A subset of genes identified by microarray analysis as having differential mRNA levels in subjects with FXS was studied using quantitative RT-PCR of RNA isolated from lymphoblastoid cells and frontal cortex that were in general concordance with the microarray results (Table 3). These 10 genes (plus FMR1) were chosen for quantitative RT-PCR because of potential biological relevance to FXS and had significant changes in signal intensity on our microarrays. The lack of FMRP leads to elevated and abnormal dendritic spine formation in both humans and mice.31 Furthermore, FMRP is synthesized at the synapse in response to glutamate and synaptic activity, suggesting a role in synapse maturation and function. PPP1R9B is a regulatory subunit of protein phosphatase-1 and is highly enriched in dendritic spines, which receive most of the excitatory input in the central nervous system. EEF1A2 encodes the α subunit of the elongation factor-1 complex that delivers aminoacyl tRNAs to the ribosome. Mice homozygous for defects in Eef1a2 develop neurological and immunological defects and die by 28 days. HES1 has been found to be essential to neurogenesis, myogenesis, hematopoiesis, and sex determination in mammals. UNC13B is a presynaptic protein that promotes the priming of synaptic vesicles by acting through syntaxin. MAP1B is involved in microtubule assembly, an essential step in neurogenesis, and the RNA is known to interact with FMRP.25 ACCN1 is an amiloride-sensitive sodium channel that may play a role in neurotransmission. NUT is highly expressed in the testis and subjects with FXS have macroorchidism. UBQLN1 ubiquilins are structurally similar to ubiquitin and thought to link the ubiquitination machinery to the proteasome to affect in vivo protein degradation. Thus, these genes all have diverse functions in the central nervous system or with potential relevance to the FXS phenotype (OMIM http://www.ncbi.nlm.nih.gov/omim/) and could potentially contribute to the etiology of FXS.
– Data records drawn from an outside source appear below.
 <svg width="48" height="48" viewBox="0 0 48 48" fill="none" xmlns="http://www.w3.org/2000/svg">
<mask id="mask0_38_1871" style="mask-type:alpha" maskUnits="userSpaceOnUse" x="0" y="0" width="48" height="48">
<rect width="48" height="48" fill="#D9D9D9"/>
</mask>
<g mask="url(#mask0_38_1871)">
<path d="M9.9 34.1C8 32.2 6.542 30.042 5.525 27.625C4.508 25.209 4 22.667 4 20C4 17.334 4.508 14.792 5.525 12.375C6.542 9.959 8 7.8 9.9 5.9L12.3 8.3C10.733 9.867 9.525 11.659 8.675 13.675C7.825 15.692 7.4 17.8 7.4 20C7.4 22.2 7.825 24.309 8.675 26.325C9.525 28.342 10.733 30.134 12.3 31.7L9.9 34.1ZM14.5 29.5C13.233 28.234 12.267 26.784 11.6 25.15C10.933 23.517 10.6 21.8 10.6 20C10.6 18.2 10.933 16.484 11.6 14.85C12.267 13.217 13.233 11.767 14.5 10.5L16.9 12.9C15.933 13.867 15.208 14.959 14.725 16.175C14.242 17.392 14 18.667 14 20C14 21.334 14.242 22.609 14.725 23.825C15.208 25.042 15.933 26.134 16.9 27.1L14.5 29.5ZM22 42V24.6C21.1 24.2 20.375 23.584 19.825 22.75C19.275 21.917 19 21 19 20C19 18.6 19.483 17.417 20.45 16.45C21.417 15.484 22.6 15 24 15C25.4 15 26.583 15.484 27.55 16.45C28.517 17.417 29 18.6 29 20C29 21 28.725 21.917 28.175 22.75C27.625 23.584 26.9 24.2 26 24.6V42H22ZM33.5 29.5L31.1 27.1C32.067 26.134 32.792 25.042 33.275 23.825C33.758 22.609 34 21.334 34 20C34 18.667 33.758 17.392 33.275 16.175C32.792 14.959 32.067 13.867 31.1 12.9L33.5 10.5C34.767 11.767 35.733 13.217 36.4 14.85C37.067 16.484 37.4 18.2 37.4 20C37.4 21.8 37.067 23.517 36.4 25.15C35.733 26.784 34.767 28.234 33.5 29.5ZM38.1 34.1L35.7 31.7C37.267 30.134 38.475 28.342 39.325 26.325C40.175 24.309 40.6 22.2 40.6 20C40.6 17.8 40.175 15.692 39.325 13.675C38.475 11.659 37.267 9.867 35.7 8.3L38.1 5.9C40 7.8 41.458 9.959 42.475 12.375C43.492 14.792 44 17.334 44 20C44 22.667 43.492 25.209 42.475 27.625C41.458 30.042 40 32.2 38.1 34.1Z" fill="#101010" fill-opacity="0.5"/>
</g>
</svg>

In summary, we found >90 genes and transcripts that differed in expression by at least 1.5-fold with an fdr of 5% between lymphoblastoid cells derived from males with FXS and lymphoblastoid cells from sex and similarly aged control individuals. Additionally, genes involved in signaling (e.g., kinases), morphogenesis, and neurodevelopment were significantly overrepresented in this list of genes. These genes represent candidate networks that were apparently disturbed by the incorrect functioning of the FMR1 gene in FXS. Most of the gene expression analyses done to date have used brain tissue from the Fmr1 knockout mice, whereas we used RNA isolated from actively growing lymphoblastoid cells and frontal cortex from human males with FXS. Therefore, it is not surprising that we do not have complete concordance across species, tissue type, and/or analysis platform, considering the additional layers of complexity associated with RNA processing and protein translation between species, particularly humans and mice. Further analyses of these genes, especially those that have been identified in multiple studies, are warranted to develop a more integrated description of the alterations in gene processing that lead to FXS and possibly to produce new treatment modalities.